Module stikpetP.correlations.cor_biserial
Expand source code
import pandas as pd
from statistics import NormalDist
def r_biserial(catField, scaleField, categories=None):
'''
Biserial Correlation Coefficient
--------------------------------
This is an extension of the point-biserial correlation coefficient, if the categories come from a so-called latent normally distributed scale. This is the case if scores were categorized and then compared to some other numeric scores (e.g. grades being categorized into pass/fail, and then use this pass/fail to correlate with age).

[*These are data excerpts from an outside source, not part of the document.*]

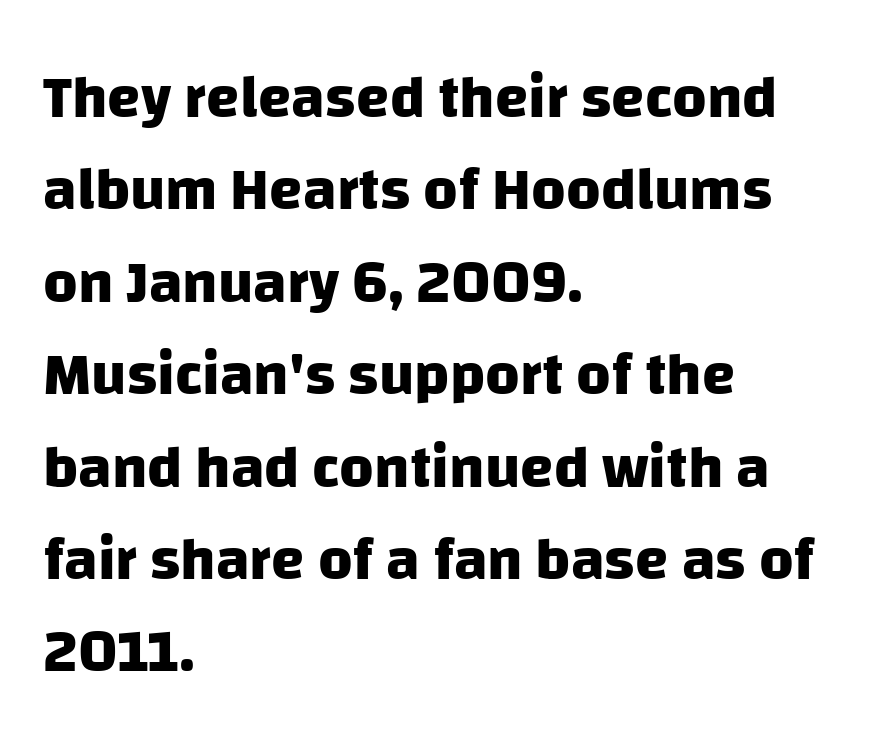
Q: Is the text bold? A: Yes.
Q: Is the typeface a serif or a sans-serif typeface? A: Sans-serif.
Q: Is the text underlined? A: No.
Q: How is the paragraph aligned? A: Left-aligned.
Q: Is the spacing between letters normal or unusually wide? A: Normal.
Q: Is the spacing between lines tight, normal or loose? A: Normal.
Q: Width (condensed, normal, or wide)? A: Normal.
Q: Stroke contrast? A: Low.
Q: x-height? A: Large.
Q: Monospaced? A: No.
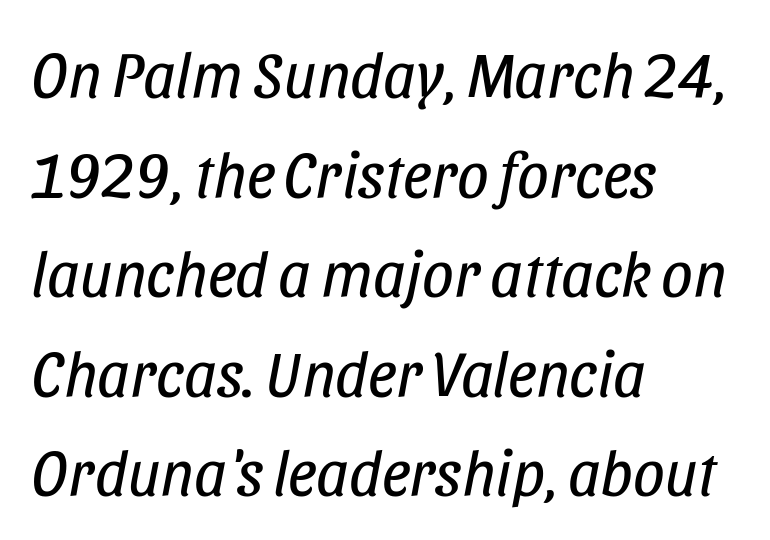
The string is rendered with underlining switched off. Nothing unusual about the tracking: characters are spaced as the font intends. This sample has the flowing, uneven cadence of proportional lettering. The vertical gap from one line to the next is medium.
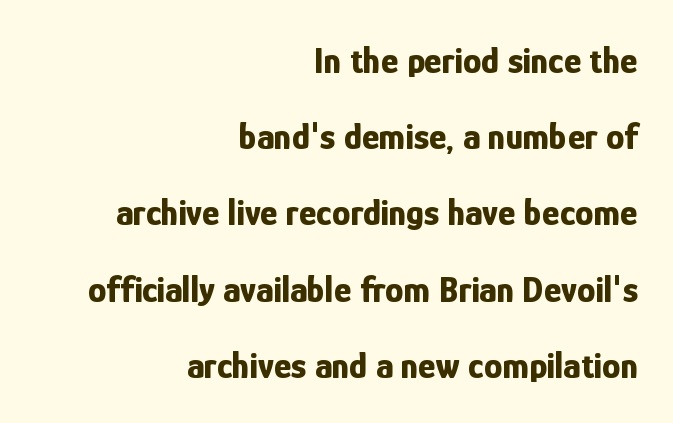
{"serif": "no", "italic": "no", "bold": "yes", "weight": "bold", "width": "condensed", "stroke_contrast": "low", "x_height": "medium", "monospaced": "no", "underline": "no", "align": "right", "line_spacing": "loose", "line_spacing_ratio": 2.06, "letter_spacing": "normal", "letter_spacing_em": 0.0, "glyph_px": 37}
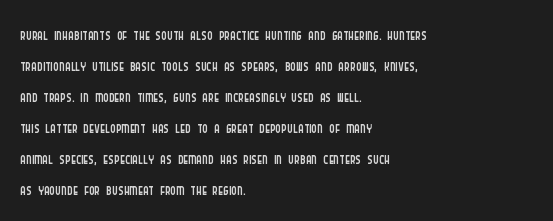
The image shows 22 px text type, upright; set left-aligned, normal line spacing (1.41x), normal letter spacing, not underlined.
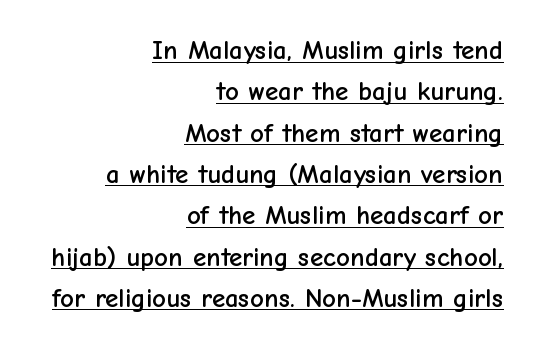
{"italic": "no", "underline": "yes", "align": "right", "line_spacing": "normal", "line_spacing_ratio": 1.53, "letter_spacing": "normal", "letter_spacing_em": 0.0, "glyph_px": 27}
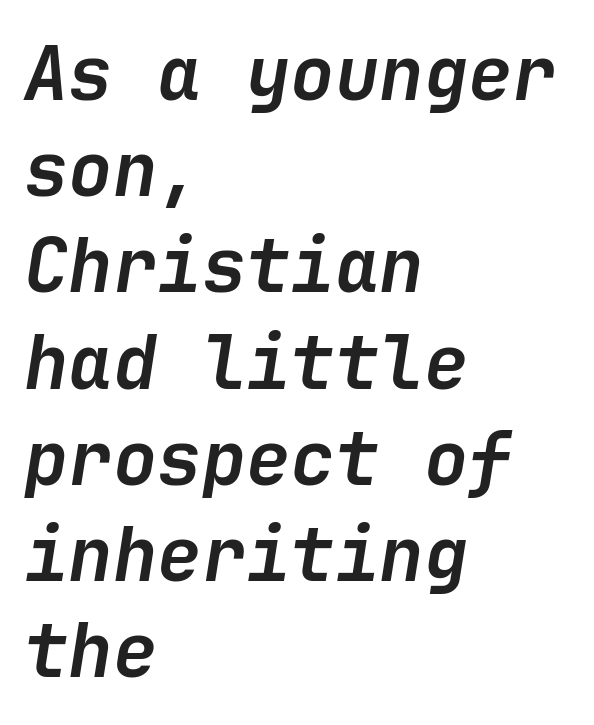
{"italic": "yes", "lean": "right", "slant_degrees": 9, "bold": "yes", "weight": "semibold", "width": "normal", "stroke_contrast": "low", "x_height": "medium", "underline": "no", "align": "left", "line_spacing": "normal", "line_spacing_ratio": 1.3, "letter_spacing": "normal", "letter_spacing_em": 0.0, "glyph_px": 74}
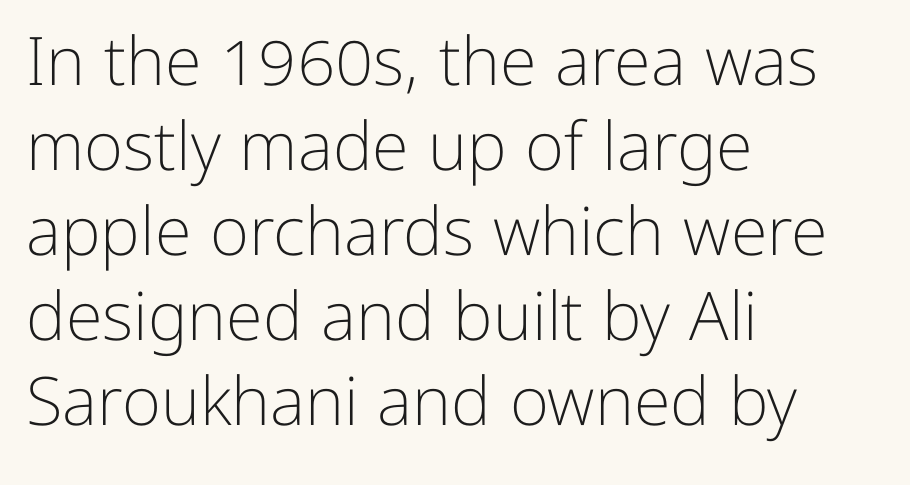
No extra tracking has been applied to these lines. Alignment: flush left. This is sans-serif lettering, the kind often seen on screens and signage. When letters stand straight like this, we call the style roman or upright. No extra ink here — the face is not bold.
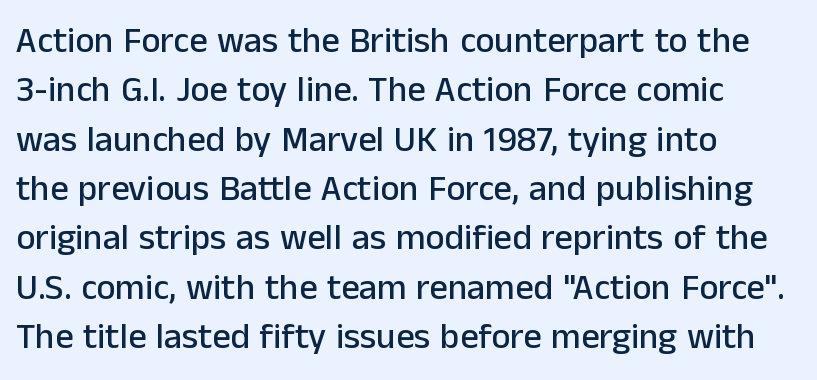
{"serif": "no", "italic": "no", "width": "normal", "stroke_contrast": "low", "x_height": "medium", "monospaced": "no", "underline": "no", "align": "left", "line_spacing": "normal", "line_spacing_ratio": 1.37, "letter_spacing": "normal", "letter_spacing_em": 0.0, "glyph_px": 36}
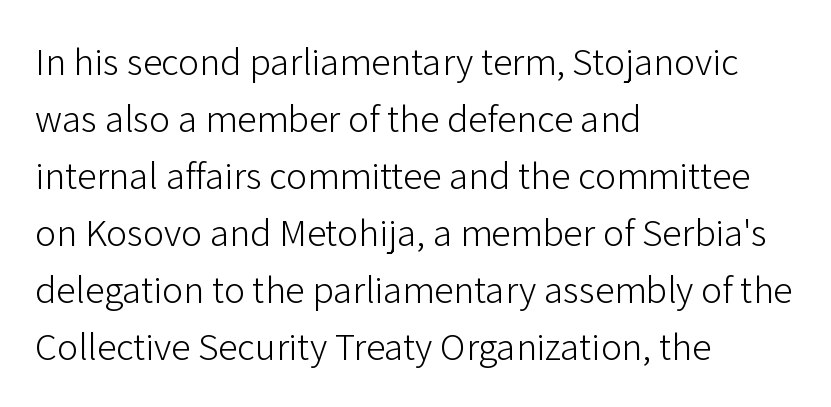
The image shows 39 px light sans-serif type, upright; set left-aligned, normal line spacing (1.46x), normal letter spacing, not underlined; low stroke contrast and a medium x-height.
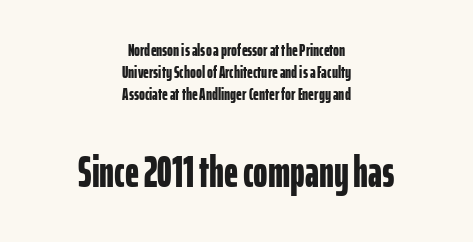
{"serif": "no", "italic": "no", "bold": "yes", "weight": "bold", "width": "condensed", "stroke_contrast": "low", "x_height": "medium", "monospaced": "no", "underline": "no", "align": "center", "line_spacing_ratio": 1.23, "letter_spacing": "normal", "letter_spacing_em": 0.0, "larger_block": "second", "size_ratio": 2.44, "glyph_px": 44}
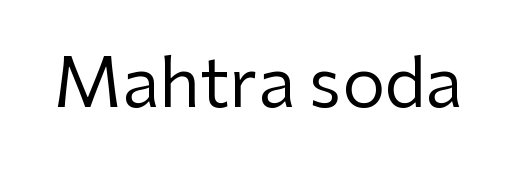
{"serif": "no", "italic": "no", "bold": "no", "weight": "regular", "width": "normal", "stroke_contrast": "low", "x_height": "medium", "monospaced": "no", "underline": "no", "letter_spacing": "normal", "letter_spacing_em": 0.0, "glyph_px": 68}
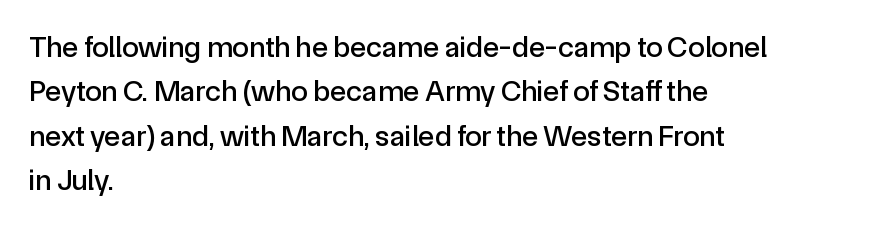
Underlining? Definitely not there. Note the varied advance widths — an 'i' is clearly narrower than an 'm'. Casual observation: everything's shoved over to the left. Interline gaps are of average width in this sample. Here the glyphs are tracked normally, forming tight word shapes. Look at the bottom of the vertical strokes: they stop flat, with no serifs.

As the name implies a correlation coefficient indicates how two variables co-relate, i.e. if one goes up is it likely for the other to go up or down. A zero would indicate there is not (linear) relation, while a -1 would mean a perfect negative correlation (if one goes up, the other goes down, and vice versa), and a +1 a perfect positive correlation (if one goes up, the other also goes up, and vice versa).
With two categories we could read this more as if the score go up and there is a positive correlation, it is more likely that it came from a category 1 case, rather than a category 0.
There is a warning though that if one of the two categories has very small sample size compared to the other, this coefficient will not be very accurate (Soper, 1914, p.390; Jacobs & Viechtbauer, 2017, p. 165). Soper (1914, p. 390) warns to use this if one category is 4% or less from the combined sample size. On a website ChangingMinds someone posted as limit 10% (ChangingMinds, n.d.), unfortunately without a source.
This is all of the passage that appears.